It was very cold when I woke up this morning. None of
the snow had melted overnight. I turned the heater
back on before I got out of the trailer and enjoyed a
half hour of warmth. While making my coffee I saw 5
pairs of great blue herons nesting in a huge tree
above the park. I don't know how they managed with
all the snow but they seemed quite active. I couldn't
tell if there were babies.

I packed up and headed down the mountain. The five
miles between Sedona and Oak Creek on Rt 179 has,
perhaps, one of the 5 best pieces of scenery in the
US. The red rock peaks are beyond description. Then
I got into Oak Creek, a Sedona wannabe and the beauty
of the last 10 minutes was shattered like a thrown
wine glass.

On to Montezuma National Monument which has nothing
whatsoever to do with Montezuma. It's a 4 story
apartment complex built into a cave in the side of a
cliff by the Sinagua in about the year 1000 and is
amazingly well preserved. The area was abandoned in
about 1400 and no one knows why or where the Sinagua
went.
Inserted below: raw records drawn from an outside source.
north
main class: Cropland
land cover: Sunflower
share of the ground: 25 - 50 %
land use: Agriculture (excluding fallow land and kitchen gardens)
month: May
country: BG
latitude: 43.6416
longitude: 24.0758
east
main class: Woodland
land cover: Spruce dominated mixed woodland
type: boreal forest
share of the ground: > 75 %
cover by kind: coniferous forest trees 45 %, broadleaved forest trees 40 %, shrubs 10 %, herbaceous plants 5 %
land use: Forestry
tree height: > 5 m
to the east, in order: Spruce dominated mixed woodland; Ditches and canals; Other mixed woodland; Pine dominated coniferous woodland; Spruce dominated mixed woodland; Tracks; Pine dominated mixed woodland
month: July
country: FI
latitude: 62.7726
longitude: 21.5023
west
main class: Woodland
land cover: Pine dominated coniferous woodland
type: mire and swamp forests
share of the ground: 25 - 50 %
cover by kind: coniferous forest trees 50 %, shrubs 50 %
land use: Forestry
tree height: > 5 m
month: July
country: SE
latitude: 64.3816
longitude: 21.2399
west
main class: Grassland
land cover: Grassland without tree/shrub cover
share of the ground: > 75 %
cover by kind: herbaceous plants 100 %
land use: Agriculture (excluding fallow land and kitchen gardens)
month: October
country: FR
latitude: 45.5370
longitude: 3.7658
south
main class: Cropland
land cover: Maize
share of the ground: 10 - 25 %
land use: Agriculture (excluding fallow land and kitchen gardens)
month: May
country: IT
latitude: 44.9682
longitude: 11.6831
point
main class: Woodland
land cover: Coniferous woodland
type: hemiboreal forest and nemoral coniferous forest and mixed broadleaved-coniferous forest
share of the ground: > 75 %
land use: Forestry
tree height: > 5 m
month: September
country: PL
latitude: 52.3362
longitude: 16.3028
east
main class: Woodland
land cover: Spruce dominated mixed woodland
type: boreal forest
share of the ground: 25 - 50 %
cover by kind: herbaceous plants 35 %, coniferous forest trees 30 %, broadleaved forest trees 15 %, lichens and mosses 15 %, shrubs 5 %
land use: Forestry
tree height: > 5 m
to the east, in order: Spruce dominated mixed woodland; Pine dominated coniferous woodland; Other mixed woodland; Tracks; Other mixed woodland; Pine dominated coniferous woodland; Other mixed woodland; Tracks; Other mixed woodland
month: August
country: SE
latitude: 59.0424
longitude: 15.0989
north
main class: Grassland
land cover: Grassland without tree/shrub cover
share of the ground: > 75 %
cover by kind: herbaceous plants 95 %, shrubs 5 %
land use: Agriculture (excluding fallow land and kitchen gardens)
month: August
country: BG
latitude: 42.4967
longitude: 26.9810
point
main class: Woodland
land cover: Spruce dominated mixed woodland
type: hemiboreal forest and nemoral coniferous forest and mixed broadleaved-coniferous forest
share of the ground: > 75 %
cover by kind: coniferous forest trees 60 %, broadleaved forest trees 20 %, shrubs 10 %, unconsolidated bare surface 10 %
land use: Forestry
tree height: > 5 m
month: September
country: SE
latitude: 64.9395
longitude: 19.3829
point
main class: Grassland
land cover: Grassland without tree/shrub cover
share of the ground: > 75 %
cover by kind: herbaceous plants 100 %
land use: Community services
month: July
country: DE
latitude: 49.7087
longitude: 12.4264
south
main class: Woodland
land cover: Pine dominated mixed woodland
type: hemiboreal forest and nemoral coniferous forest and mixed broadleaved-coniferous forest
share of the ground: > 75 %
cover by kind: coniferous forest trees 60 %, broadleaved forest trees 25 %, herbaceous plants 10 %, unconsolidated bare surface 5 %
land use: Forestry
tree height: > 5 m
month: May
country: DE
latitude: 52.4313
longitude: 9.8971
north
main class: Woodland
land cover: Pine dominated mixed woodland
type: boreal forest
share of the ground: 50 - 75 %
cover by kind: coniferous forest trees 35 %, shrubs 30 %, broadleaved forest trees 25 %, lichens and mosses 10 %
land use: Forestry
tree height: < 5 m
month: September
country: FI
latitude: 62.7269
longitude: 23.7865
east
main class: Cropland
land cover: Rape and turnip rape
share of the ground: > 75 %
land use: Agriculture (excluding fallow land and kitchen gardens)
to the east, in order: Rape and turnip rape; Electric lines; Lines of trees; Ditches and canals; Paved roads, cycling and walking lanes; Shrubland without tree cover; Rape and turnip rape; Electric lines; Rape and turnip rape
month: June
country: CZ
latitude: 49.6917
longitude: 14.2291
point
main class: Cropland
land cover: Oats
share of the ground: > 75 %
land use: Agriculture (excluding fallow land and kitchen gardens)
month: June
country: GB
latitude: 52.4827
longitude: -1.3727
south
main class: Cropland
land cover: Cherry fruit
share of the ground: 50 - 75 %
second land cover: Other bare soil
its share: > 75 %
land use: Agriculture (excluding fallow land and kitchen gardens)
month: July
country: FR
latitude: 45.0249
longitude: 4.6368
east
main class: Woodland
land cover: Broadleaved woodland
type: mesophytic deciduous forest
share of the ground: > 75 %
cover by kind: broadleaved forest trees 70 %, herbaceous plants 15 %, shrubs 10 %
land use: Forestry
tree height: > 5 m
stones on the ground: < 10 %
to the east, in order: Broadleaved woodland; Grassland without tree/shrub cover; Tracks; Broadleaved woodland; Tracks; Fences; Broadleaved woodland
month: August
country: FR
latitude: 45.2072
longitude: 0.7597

The Hopis have some oral history of absorbing
them into the tribe but there is no other evidence.

I drove through Camp Verde and into Coconino National
Forest and the Clear Creek Campground. This whole
area is part of the Yavupi-Apache Reservation and
there is a casino in Camp Verde. I took a quick walk
through it. Mostly slot machines. The new technology
allows one to play the slots without using cash. You
get a kind of casino credit card that you wear on an
elastic leash around your neck and insert into the
machine. Some people have two or three cards and seem
to be connected to the slots like patients in an
intensive care ward.

It's a cool clear night. The moon is about half full.
There's an enormous sycamore tree that's been cut
down and the largest parts of the trunk are lying next
to my camp site. I peeled some punky layers of wood
off them and had my first campfire in a couple weeks.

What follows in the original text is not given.